Which of the following relations are odd?
I. y=2
II. `y=x`
III. `x^(2)+y^(2)=1`

To determine which of the given relations are odd, we need to check each relation against the definition of an odd function. A function \( f(x) \) is considered odd if it satisfies the condition: \[ f(-x) = -f(x) \] for all \( x \) in the domain of \( f \).

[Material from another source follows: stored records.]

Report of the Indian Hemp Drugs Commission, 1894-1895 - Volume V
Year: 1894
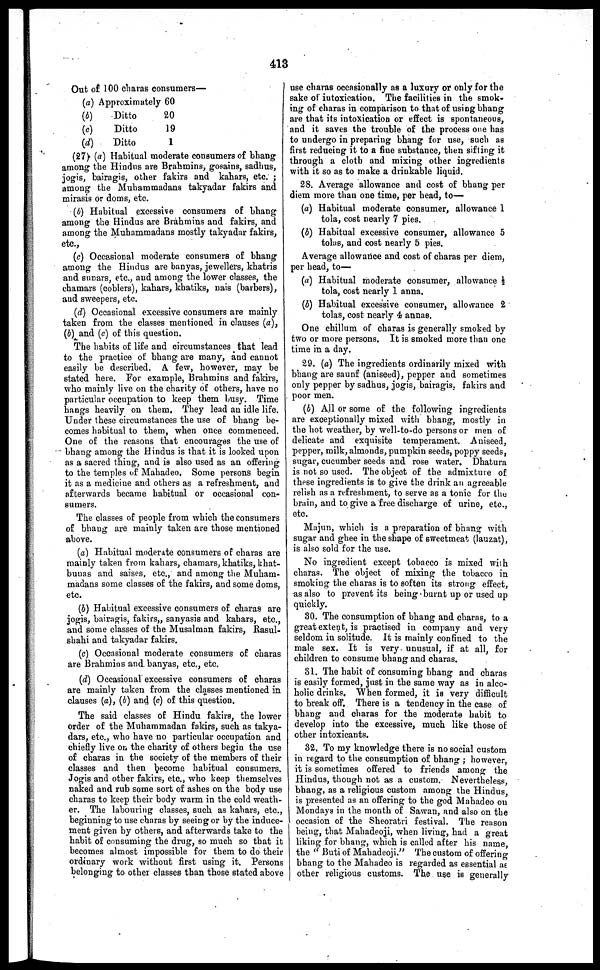
413
Out of 100 charas consumers—
(a)
(b)
(c)
(d)
Approximately
Ditto
Ditto
Ditto
60
20
19
1
(27) (a) Habitual moderate consumers of bhang
among the Hindus are Brahmins, gosains, sadhus,
jogis, bairagis, other fakirs and kahars, etc.;
among the Muhammadans takyadar fakirs and
mirasis or doms, etc.
(b) Habitual excessive consumers of bhang
among the Hindus are Brahmins and fakirs, and
among the Muhammadans mostly takyadar fakirs,
etc.,
(c) Occasional moderate consumers of bhang
among the Hindus are banyas, jewellers, khatris
and sunars, etc., and among the lower classes, the
chamars (coblers), kahars, khatiks, nais (barbers),
and sweepers, etc.
(d) Occasional excessive consumers are mainly
taken from the classes mentioned in clauses (a),
(b) and (c) of this question.
The habits of life and circumstances that lead
to the practice of bhang are many, and cannot
easily be described. A few, however, may be
stated here. For example, Brahmins and fakirs,
who mainly live on the charity of others, have no
particular occupation to keep them busy. Time
hangs heavily on them. They lead an idle life.
Under these circumstances the use of bhang be-
comes habitual to them, when once commenced.
One of the reasons that encourages the use of
bhang among the Hindus is that it is looked upon
as a sacred thing, and is also used as an offering
to the temples of Mahadeo. Some persons begin
it as a medicine and others as a refreshment, and
afterwards became habitual or occasional con-
sumers.
The classes of people from which the consumers
of bhang are mainly taken are those mentioned
above.
(a) Habitual moderate consumers of charas are
mainly taken from kahars, chamars, khatiks, khat-
bunas and saises, etc., and among the Muham-
madans some classes of the fakirs, and some doms,
etc.
(5) Habitual excessive consumers of charas are
jogis, bairagis, fakirs,, sanyasis and kahars, etc.,
and some classes of the Musalman fakirs, Rasul-
shahi and takyadar fakirs.
(c) Occasional moderate consumers of charas
are Brahmins and banyas, etc., etc.
(d) Occasional excessive consumers of charas
are mainly taken from the classes mentioned in
clauses (a), (b) and (c) of this question.
The said classes of Hindu fakirs, the lower
order of the Muhammadan fakirs, such as takya-
dars, etc., who have no particular occupation and
chiefly live on the charity of others begin the use
of charas in the society of the members of their
classes and then become habitual consumers.
Jogis and other fakirs, etc., who keep themselves
naked and rub some sort of ashes on the body use
charas to keep their body warm in the cold weath-
er. The labouring classes, such as kahars, etc.,
beginning to use charas by seeing or by the induce-
ment given by others, and afterwards take to the
habit of consuming the drug, so much so that it
becomes almost impossible for them to do their
ordinary work without first using it. Persons
belonging to other classes than those stated above
use charas occasionally as a luxury or only for the
sake of intoxication. The facilities in the smok-
ing of charas in comparison to that of using bhang
are that its intoxication or effect is spontaneous,
and it saves the trouble of the process one has
to undergo in preparing bhang for use, such as
first reducing it to a fine substance, then sifting it
through a cloth and mixing other ingredients
with it so as to make a drinkable liquid.
28. Average allowance and cost of bhang per
diem more than one time, per head, to—
(a) Habitual moderate consumer, allowance 1
tola, cost nearly 7 pies.
(b) Habitual excessive consumer, allowance 5
tolas, and cost nearly 5 pies.
Average allowance and cost of charas per diem,
per head, to—
(a) Habitual moderate consumer, allowance ½
tola, cost nearly 1 anna.
(b) Habitual excessive consumer, allowance 2
tolas, cost nearly 4 annas.
One chillum of charas is generally smoked by
two or more persons. It is smoked more than one
time in a day.
29. (a) The ingredients ordinarily mixed with
bhang are saunf (aniseed), pepper and sometimes
only pepper by sadhus, jogis, bairagis. fakirs and
poor men.
(b) All or some of the following ingredients
are exceptionally mixed with bhang, mostly in
the hot weather, by Well-to-do persons or men of
delicate and exquisite temperament. Aniseed,
pepper, milk, almonds, pumpkin seeds, poppy seeds,
sugar, cucumber seeds and rose water. Dhatura
is not so used. The object of the admixture of
these ingredients is to give the drink an agreeable
relish as a refreshment, to serve as a tonic for the
brain, and to give a free discharge of urine, etc.,
etc
Majun, which is a preparation of bhang with
sugar and ghee in the shape of sweetmeat (lauzat),
is also sold for the use.
No ingredient except tobacco is mixed with
charas. The object of mixing the tobacco in
smoking the charas is to soften its strong effect,
as also to prevent its being burnt up or used up
quickly.
30. The consumption of bhang and charas, to a
great extent, is practised in company and very
seldom in solitude. It is mainly confined to the
male sex. It is very unusual, if at all, for
children to consume bhang and charas.
31. The habit of consuming bhang and charas
is easily formed, just in the same way as in alco-
holic drinks. When formed, it is very difficult
to break off. There is a tendency in the case of
bhang and charas for the moderate habit to
develop into the excessive, much like those of
other intoxicants.
32. To my knowledge there is no social custom
in regard to the consumption of bhang; however,
it is sometimes offered to friends among the
Hindus, though not as a custom. Nevertheless,
bhang, as a religious custom among the Hindus
is presented as an offering to the god Mahadeo on
Mondays in the month of Sawan, and also on the
occasion of the Sheoratri festival. The reason
being, that Mahadeoji, when living, had a great
liking for bhang, which is called after his name,
the "Buti of Mahadeoji." The custom of offering
bhang to the Mahadeo is regarded as essential as
other religious customs. The use is generally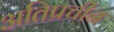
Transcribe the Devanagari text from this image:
अतिप्रचीन

Let's analyze each of the given relations one by one. ### Step 1: Analyze the first relation \( y = 2 \) 1. **Replace \( y \) with \( f(x) \)**: \[ f(x) = 2 \] 2. **Calculate \( f(-x) \)**: \[ f(-x) = 2 \] 3. **Calculate \( -f(x) \)**: \[ -f(x) = -2 \] 4. **Check the odd function condition**: \[ f(-x) \neq -f(x) \quad \text{(since } 2 \neq -2\text{)} \] **Conclusion**: The first relation \( y = 2 \) is **not an odd function**. ### Step 2: Analyze the second relation \( y = x \) 1. **Replace \( y \) with \( f(x) \)**: \[ f(x) = x \] 2. **Calculate \( f(-x) \)**: \[ f(-x) = -x \] 3. **Calculate \( -f(x) \)**: \[ -f(x) = -x \] 4. **Check the odd function condition**: \[ f(-x) = -f(x) \quad \text{(since } -x = -x\text{)} \] **Conclusion**: The second relation \( y = x \) is an **odd function**. ### Step 3: Analyze the third relation \( x^2 + y^2 = 1 \) 1. **This is not a function but an equation of a circle**. To check if it is odd, we will replace \( x \) with \( -x \) and \( y \) with \( -y \). 2. **Replace \( x \) and \( y \)**: \[ (-x)^2 + (-y)^2 = 1 \] 3. **Simplify**: \[ x^2 + y^2 = 1 \] 4. **Check if the equation remains the same**: \[ x^2 + y^2 = 1 \quad \text{(is the same as the original equation)} \] **Conclusion**: The third relation \( x^2 + y^2 = 1 \) is **symmetric about the origin**, hence it is an **odd relation**. ### Final Conclusion - **First relation**: Not odd - **Second relation**: Odd - **Third relation**: Odd Thus, the odd relations are **II and III**. ### Summary of the Answer The odd relations are **II and III**.